Where the arbitrator is appointed by the court (see § 1281.6), each party is limited to only one challenge without cause (§ 1281.91, subd. (b)(2)). This was not such a case.

Azteca's November 13, 2002 letter demanding Taylor's removal was based on one of his disclosures and was served within 15 days as required by statute. Moreover, the trial court made the unchallenged finding that the letter was a "timely demand for disqualification." Thus, if the provisions of the Act had been followed, Taylor's disqualification should have been automatic.

However, Taylor did not disqualify himself, nor did the AAA require his removal. Instead, the AAA proceeded to apply its own rule R-20(b), which gave it the sole right to rule on any objection to the continued service of an arbitrator. Overruling Azteca's demand for removal, the AAA reaffirmed Taylor as arbitrator and the arbitration proceeded to its conclusion. The trial court upheld this procedure because "[w]hatever rights [Azteca] had to challenge the arbitrator under California law, it agreed to waive or alter those rights by agreeing to abide by the AAA rules."

(5) The correctness of the trial court's ruling is a legal issue involving statutory construction and the ascertainment of legislative intent, which we review de novo. ( Spielholz v. Superior Court (2001) 86 Cal.App.4th 1366, 1371 [ 104 Cal.Rptr.2d 197].)

II. Did Azteca Waive Its Right to Challenge the Arbitrator Under the Act?

In recent times, there has been a "rapid expansion" of private or contractual arbitration as a mechanism for dispute resolution. ( Aguilar v. Lerner (2004) 32 Cal.4th 974, 985 [ 12 Cal.Rptr.3d 287, 88 P.3d 24].) Although "`[t]he scope of arbitration is . . . a matter of agreement between the parties' [citation], and `"[t]he powers of an arbitrator are limited and circumscribed by the agreement or stipulation of submission"'" ( Moncharsh v. Heily Blase (1992) 3 Cal.4th 1, 8 [ 10 Cal.Rptr.2d 183, 832 P.2d 899] ( Moncharsh)), the process has historically been subject to extensive legislative supervision. ( Id. at pp. 25-28.)

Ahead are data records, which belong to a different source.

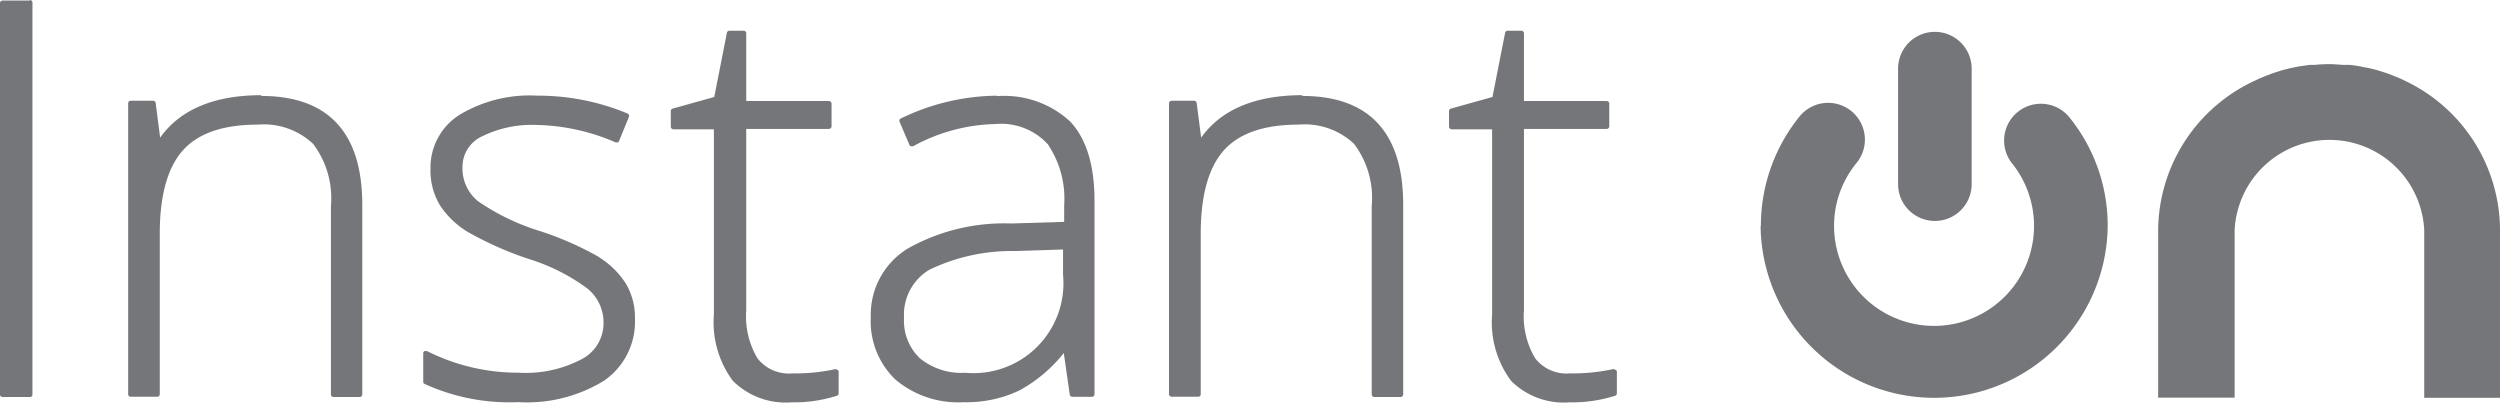 <svg xmlns="http://www.w3.org/2000/svg" width="167.935" height="27.042" viewBox="0 0 167.935 27.042">
  <g id="aio-logo-drk-txt" transform="translate(-144.056 -4.924)">
    <path id="Path_2" data-name="Path 2" d="M522,310.2a11.658,11.658,0,0,1,2.547-7.285,2.471,2.471,0,1,1,3.846,3.1,6.649,6.649,0,0,0-1.477,4.186,6.716,6.716,0,1,0,12-4.143,2.471,2.471,0,1,1,3.88-3.057,11.539,11.539,0,0,1,2.5,7.2,11.658,11.658,0,0,1-23.315,0" transform="translate(-259.658 -290.104)" fill="#757679"/>
    <path id="Path_3" data-name="Path 3" d="M535.331,309.022a2.471,2.471,0,0,1-2.471-2.471v-7.76a2.471,2.471,0,0,1,4.942,0v7.76a2.471,2.471,0,0,1-2.471,2.471" transform="translate(-261.302 -289.256)" fill="#757679"/>
    <path id="Path_4" data-name="Path 4" d="M570.046,300.008l-.331-.161-.518-.212-.458-.17-.56-.178c-.255-.068-.518-.136-.781-.187a1.867,1.867,0,0,1-.365-.076l-.7-.1H566c-.34,0-.688-.051-1.036-.051h0a10.277,10.277,0,0,0-1.027.051h-.348l-.688.1-.374.076c-.263.051-.526.119-.781.187l-.56.178-.458.17-.518.212-.331.161a11.148,11.148,0,0,0-6.445,10.01v11.259h5.137V310.018a6.376,6.376,0,0,1,12.736,0v7.217a.277.277,0,0,0,0,.059v3.991H576.4V310.018a11.148,11.148,0,0,0-6.351-10.01" transform="translate(-264.406 -289.641)" fill="#757679"/>
    <path id="Path_5" data-name="Path 5" d="M384.7,293.834h-1.834a.178.178,0,0,0-.178.17v26.287a.178.178,0,0,0,.178.178H384.7a.17.17,0,0,0,.17-.178V293.97a.17.17,0,0,0-.17-.17" transform="translate(-238.634 -288.875)" fill="#757679"/>
    <path id="Path_6" data-name="Path 6" d="M401.77,301.33c-3.184,0-5.468.985-6.792,2.853l-.3-2.326a.17.17,0,0,0-.17-.153H393a.17.17,0,0,0-.17.178V321.41a.17.17,0,0,0,.17.178h1.783a.17.17,0,0,0,.17-.178V310.636c0-2.59.535-4.483,1.579-5.629s2.734-1.7,5.009-1.7a4.831,4.831,0,0,1,3.71,1.291,6.027,6.027,0,0,1,1.2,4.16v12.668a.17.17,0,0,0,.17.178h1.766a.17.17,0,0,0,.17-.178V308.691c0-4.857-2.292-7.31-6.792-7.31" transform="translate(-240.165 -290.012)" fill="#757679"/>
    <path id="Path_7" data-name="Path 7" d="M427.914,312.167a21.373,21.373,0,0,0-3.88-1.7,15.131,15.131,0,0,1-4.194-2.021,2.844,2.844,0,0,1-1.027-2.309,2.25,2.25,0,0,1,1.316-2.038,7.581,7.581,0,0,1,3.7-.764,13.908,13.908,0,0,1,5.273,1.172h.136a.161.161,0,0,0,.093-.1l.662-1.613a.178.178,0,0,0-.093-.229,15.639,15.639,0,0,0-6.071-1.2,9.144,9.144,0,0,0-5.247,1.308,4.186,4.186,0,0,0-1.919,3.608,4.525,4.525,0,0,0,.628,2.437,5.893,5.893,0,0,0,1.842,1.783,22.924,22.924,0,0,0,4.152,1.842,13.127,13.127,0,0,1,3.872,1.944,2.921,2.921,0,0,1,1.129,2.343,2.725,2.725,0,0,1-1.418,2.411,8.066,8.066,0,0,1-4.3.934,13.585,13.585,0,0,1-6.139-1.452h-.076a.17.17,0,0,0-.093,0,.178.178,0,0,0-.085.144v1.91a.161.161,0,0,0,.093.153,13.7,13.7,0,0,0,6.3,1.223,9.875,9.875,0,0,0,5.757-1.443,4.814,4.814,0,0,0,2.072-4.177,4.424,4.424,0,0,0-.628-2.369,5.714,5.714,0,0,0-1.859-1.791" transform="translate(-243.689 -290.016)" fill="#757679"/>
    <path id="Path_8" data-name="Path 8" d="M446.832,318.959h0a12.8,12.8,0,0,1-2.912.289,2.675,2.675,0,0,1-2.335-1.01,5.493,5.493,0,0,1-.756-3.218V302.827h5.553a.178.178,0,0,0,.178-.178v-1.52a.178.178,0,0,0-.178-.178h-5.553V296.4a.17.17,0,0,0-.178-.17H439.7a.17.17,0,0,0-.17.136l-.849,4.313-2.793.781a.178.178,0,0,0-.127.17v1.044a.178.178,0,0,0,.178.178h2.717v12.439a6.59,6.59,0,0,0,1.274,4.458,5.035,5.035,0,0,0,3.948,1.443,9.509,9.509,0,0,0,3.04-.441.17.17,0,0,0,.119-.161v-1.435a.153.153,0,0,0-.068-.136.161.161,0,0,0-.11-.042" transform="translate(-246.645 -289.242)" fill="#757679"/>
    <path id="Path_9" data-name="Path 9" d="M460.035,301.37A15.028,15.028,0,0,0,453.6,302.9a.161.161,0,0,0-.085.221l.662,1.554a.187.187,0,0,0,.1.093h.144a12.014,12.014,0,0,1,5.544-1.494,4.245,4.245,0,0,1,3.507,1.358,6.521,6.521,0,0,1,1.1,4.092v1.121l-3.549.11a13.183,13.183,0,0,0-6.988,1.7,5.213,5.213,0,0,0-2.454,4.585,5.434,5.434,0,0,0,1.656,4.2,6.546,6.546,0,0,0,4.593,1.52,8.261,8.261,0,0,0,3.753-.8,9.916,9.916,0,0,0,2.963-2.5l.4,2.785a.187.187,0,0,0,.178.153h1.308a.178.178,0,0,0,.178-.178V308.434c0-2.394-.552-4.186-1.639-5.332a6.517,6.517,0,0,0-4.933-1.7m4.458,10.3v1.7a6.037,6.037,0,0,1-6.563,6.58,4.406,4.406,0,0,1-3.048-.968,3.472,3.472,0,0,1-1.07-2.717,3.515,3.515,0,0,1,1.7-3.235,12.792,12.792,0,0,1,5.782-1.257Z" transform="translate(-249.031 -290.018)" fill="#757679"/>
    <path id="Path_10" data-name="Path 10" d="M484.129,301.33c-3.184,0-5.468.985-6.792,2.853l-.3-2.326a.17.17,0,0,0-.17-.153h-1.511a.178.178,0,0,0-.178.178V321.41a.178.178,0,0,0,.178.178h1.783a.17.17,0,0,0,.17-.178V310.636c0-2.59.535-4.483,1.579-5.629s2.725-1.7,5-1.7a4.84,4.84,0,0,1,3.719,1.291,6.028,6.028,0,0,1,1.189,4.16v12.668a.178.178,0,0,0,.178.178h1.758a.178.178,0,0,0,.178-.178V308.691c0-4.857-2.292-7.31-6.792-7.31" transform="translate(-252.595 -290.012)" fill="#757679"/>
    <path id="Path_11" data-name="Path 11" d="M508.478,319a.178.178,0,0,0-.11-.042h0a12.8,12.8,0,0,1-2.912.289,2.666,2.666,0,0,1-2.335-1.01,5.493,5.493,0,0,1-.756-3.218V302.827h5.553a.178.178,0,0,0,.178-.178v-1.52a.178.178,0,0,0-.178-.178h-5.553V296.4a.178.178,0,0,0-.178-.17h-.917a.17.17,0,0,0-.17.136l-.849,4.313-2.793.781a.178.178,0,0,0-.127.17v1.044a.178.178,0,0,0,.178.178h2.717v12.439a6.59,6.59,0,0,0,1.274,4.458,5.018,5.018,0,0,0,3.948,1.443,9.542,9.542,0,0,0,3.04-.441.17.17,0,0,0,.119-.161v-1.435a.153.153,0,0,0-.068-.136" transform="translate(-255.939 -289.242)" fill="#757679"/>
  </g>
</svg>

The Act "represents a comprehensive statutory scheme regulating private arbitration in this state. (§ 1280 et seq.)" ( Moncharsh, supra, 3 Cal.4th at p. 9.) Section 1281 and following provisions that "set forth procedures for the enforcement of agreements to arbitrate ([Code Civ. Proc.,] §§ 1281.2-1281.95), establish rules for the conduct of arbitration proceedings except as the parties otherwise agree ( id., §§ 1282-1284.2), describe the circumstances in which arbitrators' awards may be judicially vacated, corrected, confirmed, and enforced ( id., §§ 1285-1288.8), and specify where, when, and how court proceedings relating to arbitration matters shall occur ( id., §§ 1290-1294.2)." ( Vandenberg v. Superior Court (1999) 21 Cal.4th 815, 830 [ 88 Cal.Rptr.2d 366, 982 P.2d 229].)

Over the years, the Legislature has revised and refined the standards for judicial oversight of arbitration awards. "The law has . . . evolved from its common law origins and moved towards a more clearly delineated scheme rooted in statute." ( Moncharsh, supra, 3 Cal.4th at p. 26.)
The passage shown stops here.